O local escolhido para a edificação do imponente prédio foi a Rua do Comércio – atual Cel. Alexanzito – a principal artéria da Vila, próximo ao Cais da Ribeira, onde embarcavam e desembarcavam mercadorias e passageiros vindos do estrangeiro e de toda a parte do Império brasileiro.
Apesar de sua construção ter sido concluída em 1804, somente a partir de 20 de setembro de 1835 começou de fato a funcionar a Alfândega de Aracati.
Infelizmente por motivos pouco esclarecidos, em 1851 no dia 11 de novembro, dezesseis anos depois do início do seu funcionamento, foi extinta por decreto a Alfândega de Aracati, sendo o prédio utilizado por uma Mesa de Rendas Federal.
A decadência que se abateu sobre a Vila de Aracati não atingiu somente as atividades comerciais e sociais que faziam da Vila a mais florescente da Província. Afetou sensivelmente o conjunto arquitetônico que embelezava a tradicional e conhecida Rua Grande pelo abandono dos seus donos que, devido à escassez de negócios, tiveram que imigrar para outras partes da Província deixando ao descaso suntuosos sobrados que tanto impressionavam os viajantes de Aracati.
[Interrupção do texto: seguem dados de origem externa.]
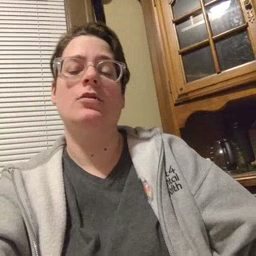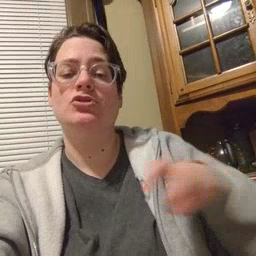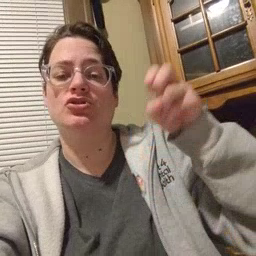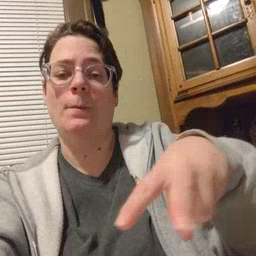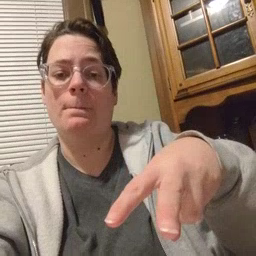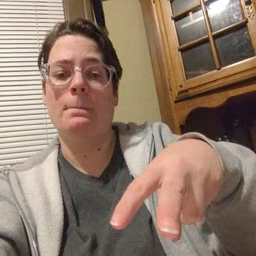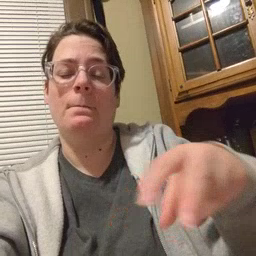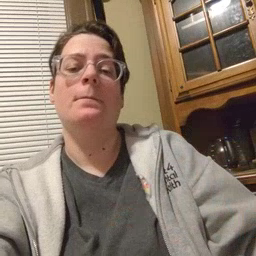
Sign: jump

Com o passar do tempo e o descuido, o belo e imponente prédio da Alfândega de Aracati foi se transformando em ruína causando uma profunda tristeza pelo aspecto de decadência em que se encontrava enfeando a rua central da antiga vila, agora já cidade de Aracati, que aos poucos iniciava sua retomada por um novo crescimento.
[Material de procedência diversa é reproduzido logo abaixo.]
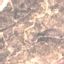
Land use / land cover class: HerbaceousVegetation
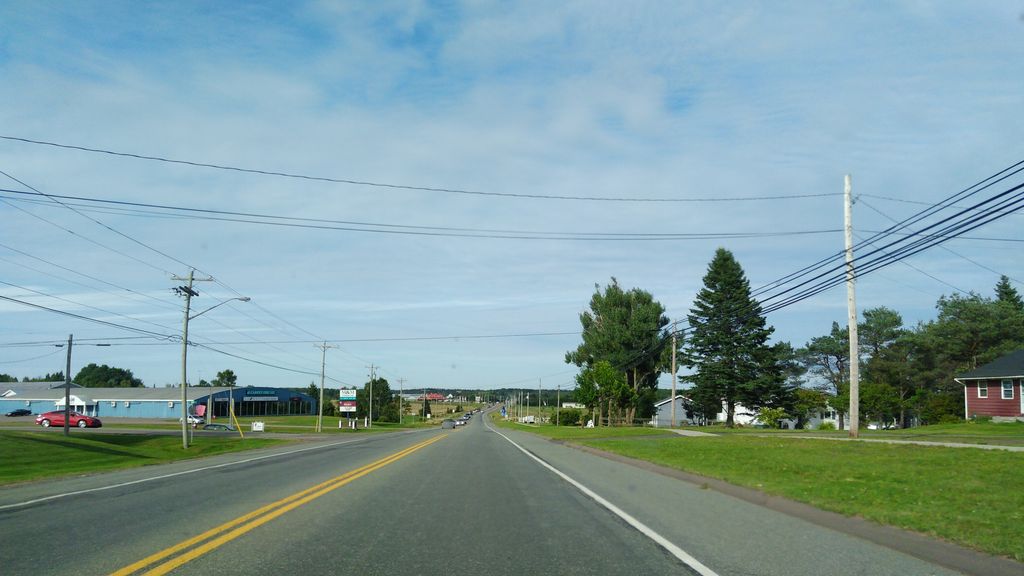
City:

Por iniciativa do jornal Folha do Comércio, fundado em 1° de março de 1911, com redação na Rua do Comércio n° 162, foi então deflagrada uma campanha para que o antigo prédio da Alfândega de Aracati fosse demolido dando lugar a uma avenida, espaço que a cidade naquela ocasião não possuía, e que a população ansiava como uma área para lazer e divertimentos da época.
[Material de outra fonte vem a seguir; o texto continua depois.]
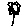
Label: flower
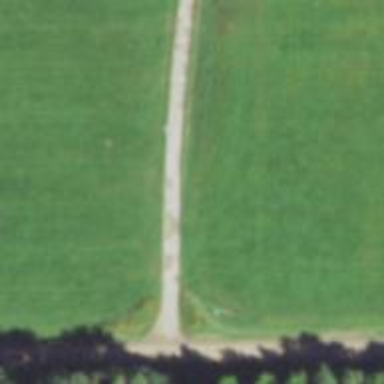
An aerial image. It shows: Driveway leading to service road.
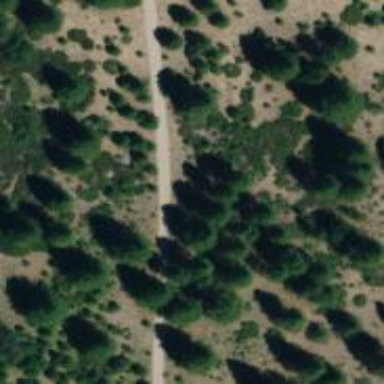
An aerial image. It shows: Track road.
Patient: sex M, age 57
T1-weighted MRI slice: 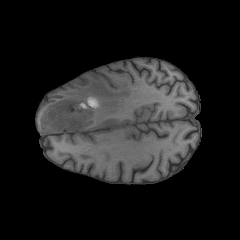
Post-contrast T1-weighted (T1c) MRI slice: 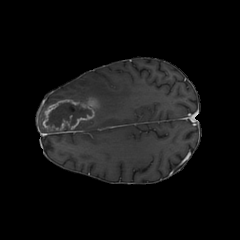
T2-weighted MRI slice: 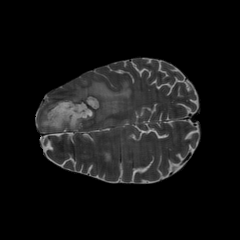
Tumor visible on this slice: yes
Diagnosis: Glioblastoma, IDH-wildtype
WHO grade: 4
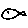
Label: fish

“Pardieiro” foi a expressão utilizada pela Folha do Comércio na edição do dia 19 de março de 1911 para chamar a atenção das autoridades em referência ao velho prédio, que nas palavras do colunista, constituía um grave perigo para o nosso povo.
Continuava o articulista:
“Sabemos que a Delegacia Fiscal deste Estado está autorizada a liquidar esse pardieiro, mas, ou por falta de pretendente que convenha ou por descuido, não realizou ainda as ordens do governo federal. Fato é que o prédio de há muito em ruínas, se ostenta na nossa melhor via pública, ameaçando a quem por ali transita. Alguém nos garantiu que o governo local – Intendente Cel. Pompeu Costa Lima – reclamou do Delegado Fiscal contra tal perigo; mas providências definitivas não foram tomadas. O velho casarão deve ser demolido, mesmo em parte, se o quiserem aproveitar e zelar pelo bem-estar dos incautos transeuntes. Esperamos que o senhor Intendente encontre os meios de livrar-nos de tão perigosa armadilha.”
Entusiasmado com a ideia de proporcionar à cidade um benefício, um melhoramento que viesse de encontro às aspirações da população, o Cel. Miguel Leite Barbosa, um dos sócios da Fábrica Santa Tereza, encaminhou uma proposta ao Ministro da Fazenda para a aquisição do edifício onde funcionou a antiga Alfândega de Aracati.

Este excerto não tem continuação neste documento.